Steven Banks, New York, N.Y. (Tamara A. Steckler and John A. Newbery of counsel), for appellant.

Jeffrey D. Friedlander, Acting Corporation Counsel, New York, N.Y. (Kristin M. Helmers and Michael J. Pastor of counsel), for respondent.

REINALDO E. RIVERA, J.P., JOHN M. LEVENTHAL, L. PRISCILLA HALL, SHERI S. ROMAN, JJ.

DECISION & ORDER

In a juvenile delinquency proceeding pursuant to Family Court Act article 3, Orlando G. appeals from an order of disposition of the Family Court, Queens County (Lubow, J.), dated November 28, 2012, which, upon an order of fact-finding of the same court dated October 24, 2012, made after a hearing, finding that he committed acts which, if committed by an adult, would have constituted the crime of obstruction of governmental administration in the second degree, adjudged him to be a juvenile delinquent, and placed him in the custody of the New York City Administration for Children's Services for a period of 12 months. The appeal from the order of disposition brings up for review the order of fact-finding dated October 24, 2012.

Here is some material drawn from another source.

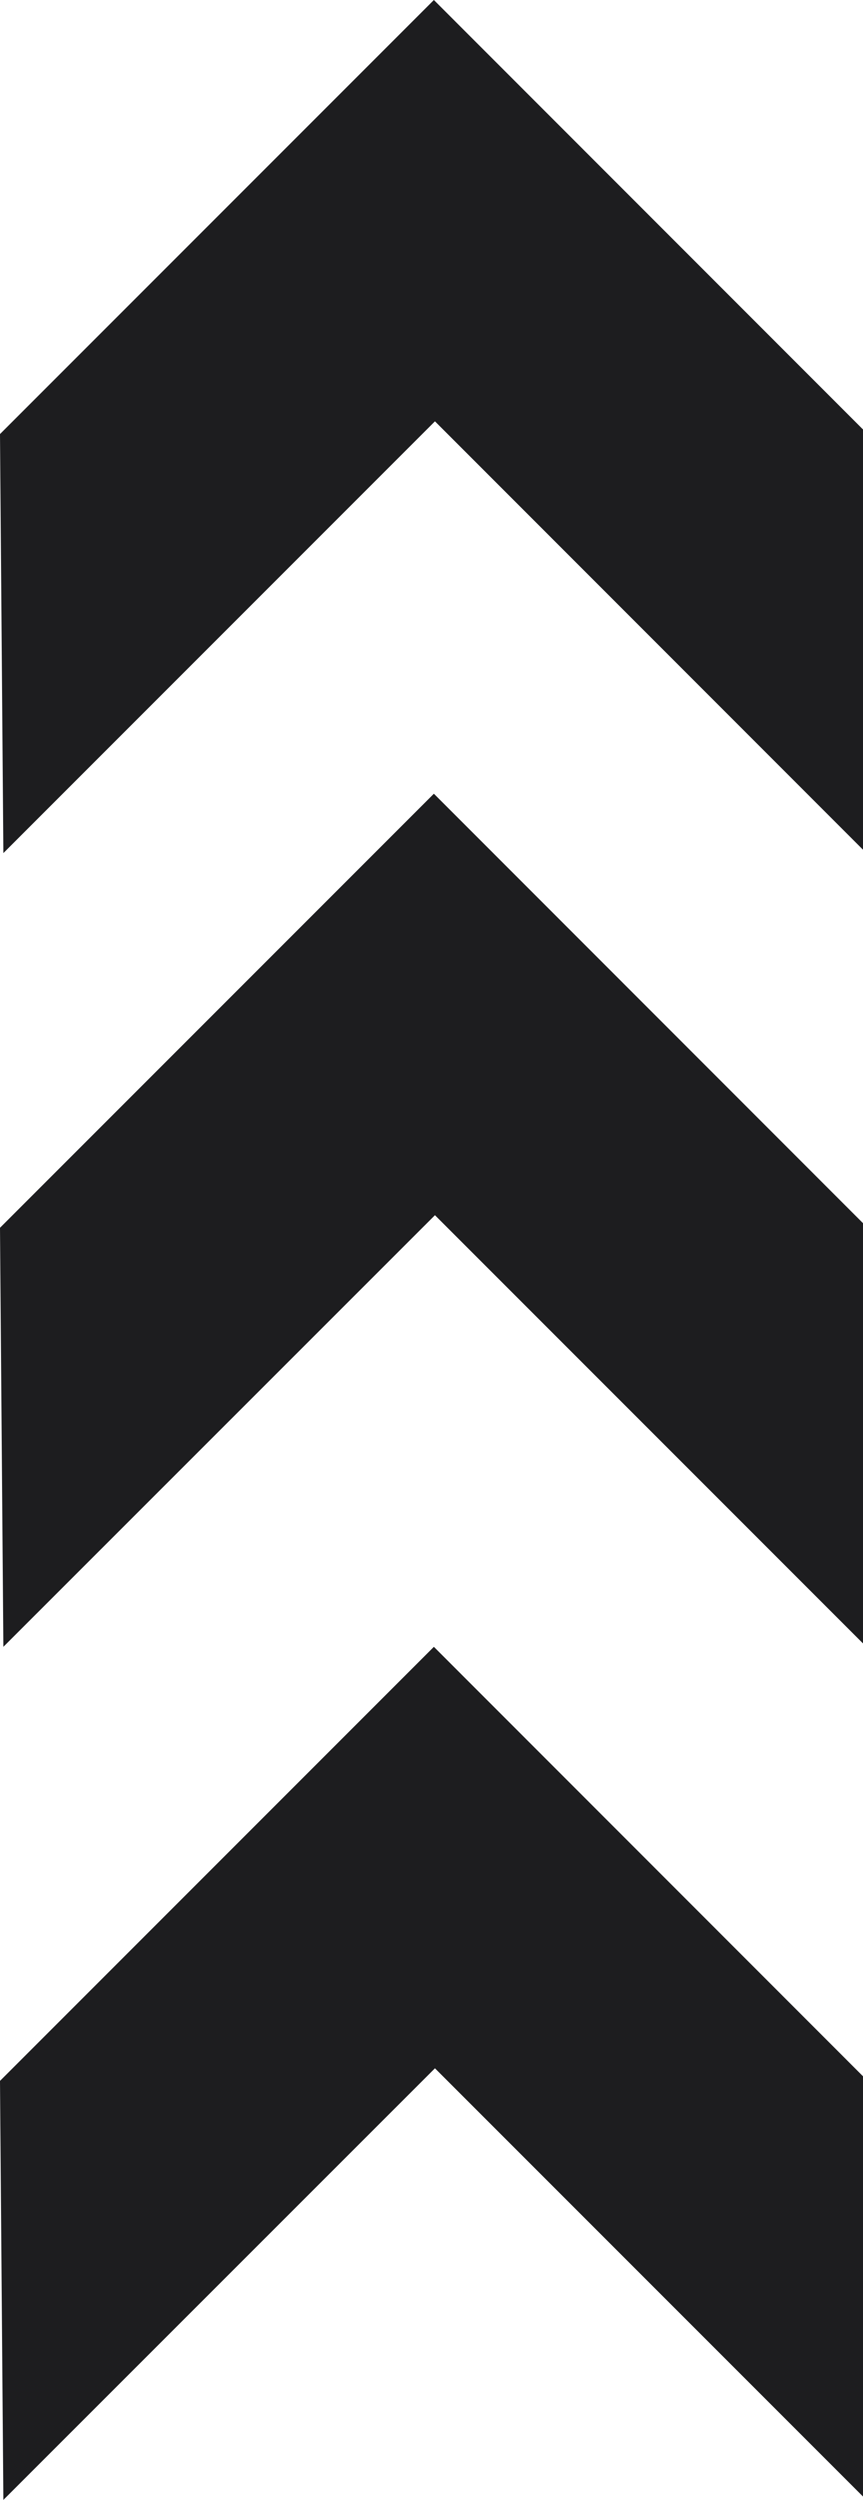 <svg xmlns="http://www.w3.org/2000/svg" id="Layer_2" data-name="Layer 2" viewBox="0 0 56.27 162.93"><defs><style>      .cls-1 {        fill: #1d1d1f;        stroke-width: 0px;      }    </style></defs><g id="Layer_1-2" data-name="Layer 1"><g><polygon class="cls-1" points="0 28.29 28.29 0 56.27 27.99 56.27 55.38 28.36 27.46 .22 55.6 0 28.29"></polygon><polygon class="cls-1" points="0 80.02 28.29 51.73 56.27 79.72 56.27 107.11 28.36 79.2 .22 107.33 0 80.02"></polygon><polygon class="cls-1" points="0 135.62 28.29 107.33 56.27 135.32 56.27 162.71 28.36 134.8 .22 162.93 0 135.62"></polygon></g></g></svg>

ORDERED that the appeal from so much of the order of disposition as placed the appellant in the custody of the New York City Administration for Children's Services for a period of 12 months is dismissed as academic, without costs or disbursements; and it is further,

ORDERED that the order of disposition is affirmed insofar as reviewed, without costs or disbursements.

The appeal from so much of the order of disposition as placed the appellant in the custody of the New York City Administration for Children's Services for a period of 12 months has been rendered academic, as the period of placement has expired (see Matter of Stanley F., 76 A.D.3d 1067, 1068).

Contrary to the appellant's contention, he was not deprived of a speedy fact-finding hearing, as required by Family Court Act § 340.1(1). The Family Court providently exercised its discretion in finding "good cause" to justify the initial adjournment of the fact-finding hearing (Family Ct Act § 340.1[4][a]; see Matter of Randy K., 77 N.Y.2d 398, 400; Matter of Jamell H., 219 A.D.2d 531). Although it is unpreserved for appellate review, we reach, in the interest of justice, the appellant's challenge to the Family Court's second adjournment of the fact-finding hearing, which was for one day (cf. CPL 470.05[2]; 470.15[1], [6][a]). Contrary to the appellant's contention, special circumstances existed to warrant the Family Court's second adjournment of the fact-finding hearing (see Family Ct Act § 340.1[6]; Matter of Jamel C., 302 A.D.2d 457, 458; cf. Matter of Nakia L., 81 N.Y.2d 898, 901; Matter of Frank C., 70 N.Y.2d 408, 414-415; Matter of Paul W., 96 A.D.3d 426, 427). These circumstances included the failure of the appellant's mother to appear in court, a fact of which the Family Court was not timely notified, the resulting need to appoint a guardian ad litem for the appellant, and the guardian ad litem's scheduling conflicts that prevented him from being present for a fact-finding hearing on the first adjourned date.

RIVERA, J.P., LEVENTHAL, HALL and ROMAN, JJ., concur.